I actually did not consider this…

For large-ish matrices, I’m finding that this multiplicationn seems to be a little faster than the 1.11 multiplication for some reason. Thanks!

``````using StaticArrays
using BenchmarkTools
using LinearAlgebra

function mymul!(C, A, B)
for j = axes(C, 2), i = axes(C, 1)
C[i, j] = sum(A[i, k] * B[k, j] for k=axes(A, 2))
end
end

const Dr = rand(Float64, 500, 500)
const A = rand(SVector{3, Float64}, 500, 3000)
const B = zeros(SVector{3, Float64}, 500, 3000)

@btime mul!(\$(B), \$(Dr), \$(A))
@btime mymul!(\$(B), \$(Dr), \$(A))
``````
``````  827.817 ms (0 allocations: 0 bytes)
650.042 ms (0 allocations: 0 bytes)
``````
fr?! `mymul!` is a naive implementation, the most you might add is a matching dimensions check before the loop.

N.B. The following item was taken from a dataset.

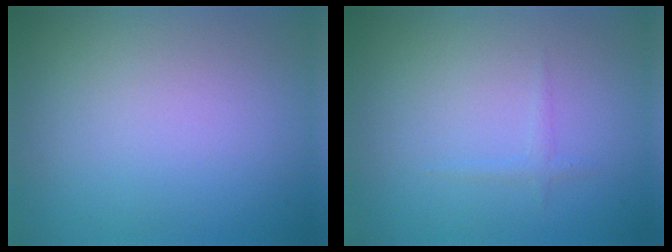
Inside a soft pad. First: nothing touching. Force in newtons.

Why is the LinearAlgebra implementation so much more complicated then?

On my machine, `mul!` on 1.10 is actually a bit faster in Vincent’s last example: `552 ms` for `mul!` (4 allocations), and `724 ms` for `mymul!` (0 allocations). The `mul!` timing stays constant, no matter the number of BLAS threads.

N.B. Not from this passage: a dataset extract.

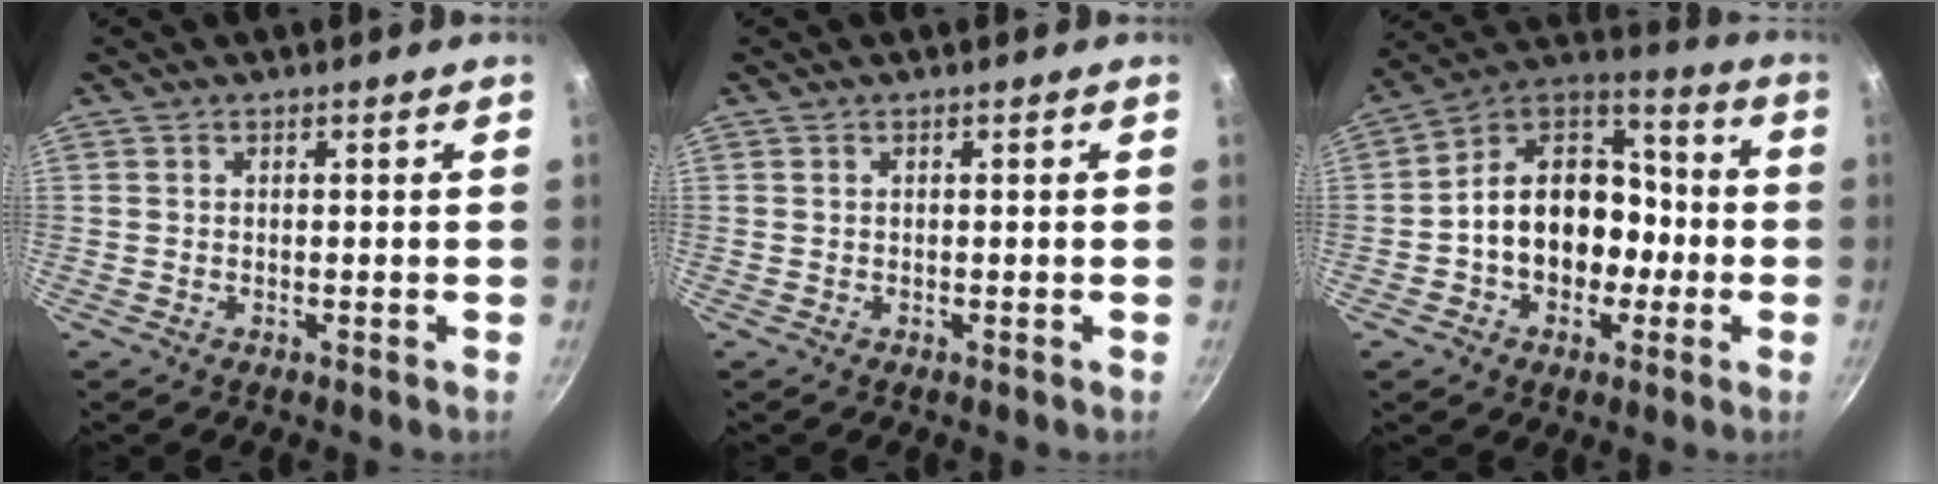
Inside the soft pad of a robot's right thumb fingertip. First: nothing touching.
{"total": 0.0}
{"total": 17.0, "force": [-2.8, 13.0, 10.5], "torque": [-0.128, 0.057, -0.058]}

Of course, for ordinary matrices `mul!` handily outperforms `mymul!`:

``````using StaticArrays, BenchmarkTools, LinearAlgebra

X = rand(100, 200)
Y = rand(200, 300)
Z = zeros(100, 300)

@btime mymul!(Z, X, Y);

@btime mul!(Z, X, Y);

@btime mul!(Z, X, Y);
``````

gives as timings respectively

``````  5.072 ms (0 allocations: 0 bytes)
218.600 μs (0 allocations: 0 bytes)
122.800 μs (0 allocations: 0 bytes)
``````

For comparison, the `SVector` code, replacing `Y` by `rand(SVector{3, Float64}, 200, 300)` and `Z` by `zeros(SVector{3, Float64}, 100, 300)` gives as timings

``````  5.192 ms (0 allocations: 0 bytes)
4.335 ms (4 allocations: 24.64 KiB)
4.331 ms (4 allocations: 24.64 KiB)
``````

so `mul!` is disproportionately affected by using `SVector`.

This is ultimately likely using a naive summation to calculate the product in `LinearAlgebra`, so using `sum` might lead to better/faster algorithms.